I’ve mentioned in earlier post that for decades I’ve been dealing with depression. (Actually, I think it showed up in my teen or maybe even pre-teen years.) To reiterate for those who don’t understand, depression is NOT merely just feeling wordlessly sad: it is having your brain functions depressed, pushed down and held down. It’s not feeling sad: it is feeling nothing except the loss of feeling. Usually emotions leave first (so you start ghosting through your life), and close behind thinking ability degrades (at my worst, I could barely form or understand simple sentences. I, who used to do calculus, would mess up basic arithmetic.) You can recover, but statistically the more episodes you have and the deeper you sink, the likelihood of you falling again and sinking deeper increases. Depression is cancer of the mind – not the brain, but the mind, the residency of your awareness of life. You become a spectator, a ghost. It’s living in a horror movie. It fucking sucks. I’ve had it under control for many years, but I know it never, ever goes completely away. Many, many times I have to ask myself if I’m responding appropriately to the common frustrations of life or if my demon is whispering in my ear.
I bring this up now because I do wonder how much my Depression Demon plays hand-in-hand with my “Little Fucker” Cancer Tumor.
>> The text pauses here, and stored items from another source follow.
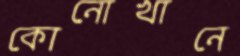
কোনোখানে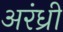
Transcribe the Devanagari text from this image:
अरंध्री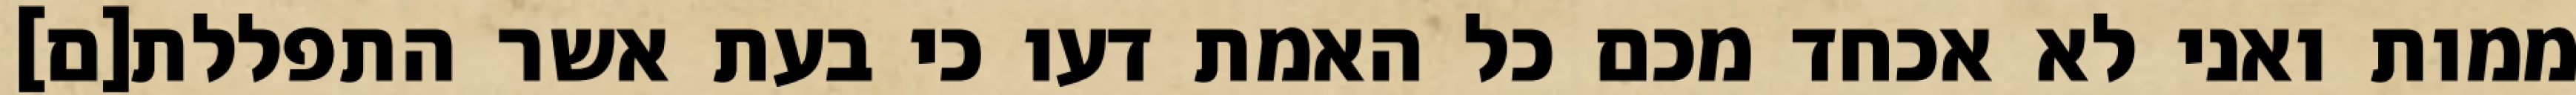
ממות ואני לא אכחד מכם כל האמת דעו כי בעת אשר התפללת[ם]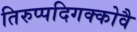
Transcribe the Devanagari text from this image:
तिरुप्पदिगक्कोवै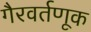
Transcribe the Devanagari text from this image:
गैरवर्तणूक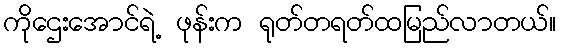
ကိုဌေးအောင်ရဲ့ ဖုန်းက ရုတ်တရတ်ထမြည်လာတယ်။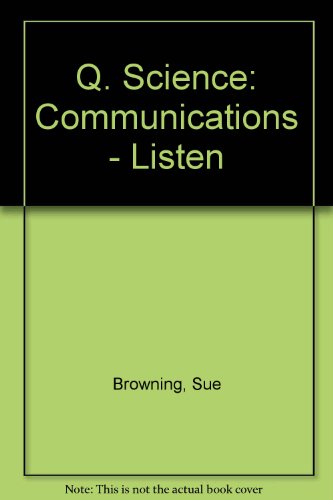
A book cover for Q. Science: Communications - Listen; Sue Browning; Children's Books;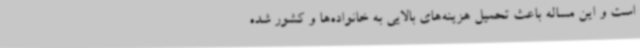
است و این مساله باعث تحمیل هزینه‌های بالایی به خانواده‌ها و کشور شده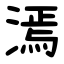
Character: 漹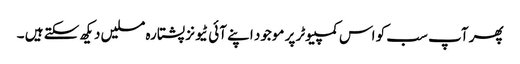
پھر آپ سب کو اس کمپیوٹر پر موجود اپنے آئی ٹیونز پشتارہ مسلیں دیکھ سکتے ہیں ۔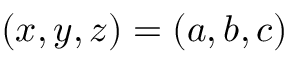
( x , y , z ) = ( a , b , c )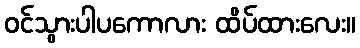
ဝင်သွားပါပကောလား ထိပ်ထားလေး။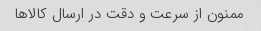
ممنون از سرعت و دقت در ارسال کالاها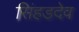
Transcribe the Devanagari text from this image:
सिंहडदेव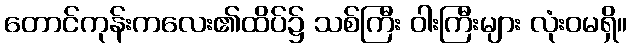
တောင်ကုန်းကလေး၏ထိပ်၌ သစ်ကြီး ဝါးကြီးများ လုံးဝမရှိ။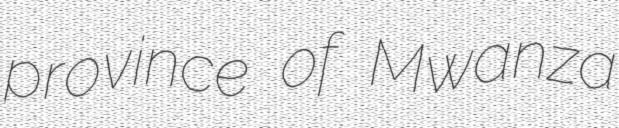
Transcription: province of Mwanza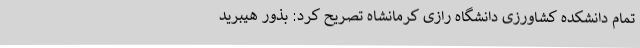
تمام دانشکده کشاورزی دانشگاه رازی کرمانشاه تصریح کرد: بذور هیبرید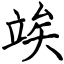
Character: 竢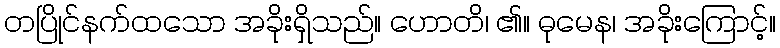
တပြိုင်နက်ထသော အခိုးရှိသည်။ ဟောတိ၊ ၏။ ဓုမေန၊ အခိုးကြောင့်။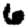
Digit: 6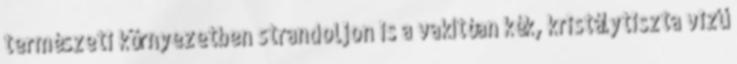
természeti környezetben strandoljon is a vakítóan kék, kristálytiszta vizű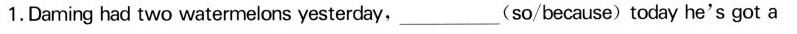
1.Daring had two watermelons yesterday,_____(so/because) today he's got a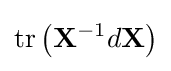
\operatorname {tr} \left(\mathbf {X} ^{-1}d\mathbf {X} \right)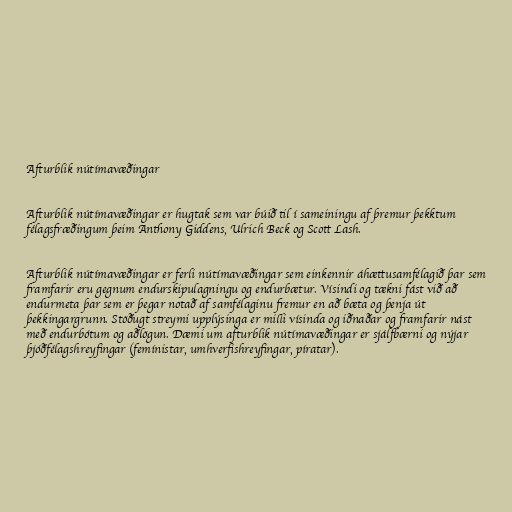
Afturblik nútímavæðingar

Afturblik nútímavæðingar er hugtak sem var búið til í sameiningu af þremur þekktum
félagsfræðingum þeim Anthony Giddens, Ulrich Beck og Scott Lash.

Afturblik nútímavæðingar er ferli nútímavæðingar sem einkennir áhættusamfélagið þar sem
framfarir eru gegnum endurskipulagningu og endurbætur. Vísindi og tækni fást við að
endurmeta þar sem er þegar notað af samfélaginu fremur en að bæta og þenja út
þekkingargrunn. Stöðugt streymi upplýsinga er milli vísinda og iðnaðar og framfarir nást
með endurbótum og aðlögun. Dæmi um afturblik nútímavæðingar er sjálfbærni og nýjar
þjóðfélagshreyfingar (femínistar, umhverfishreyfingar, píratar).

When I was first diagnosed with cancer and rather easily accepted my death sentence, I must admit that I also felt a small measure of relief. Yes, relief. The struggle was coming to an end.
Now, though, with the evidence of the chemo beating down on “Little Fucker”, I believe I will have more time. In anyone’s life there is seldom enough time (cue Jim Croce, “There never seems to be enough time, to do the things you want to do, once you find them.”), but now I have solid reasons to believe I have a little more life than I thought I did at diagnosis. And that gives my Depression Demon a good kick in the nuts. BooYAAA!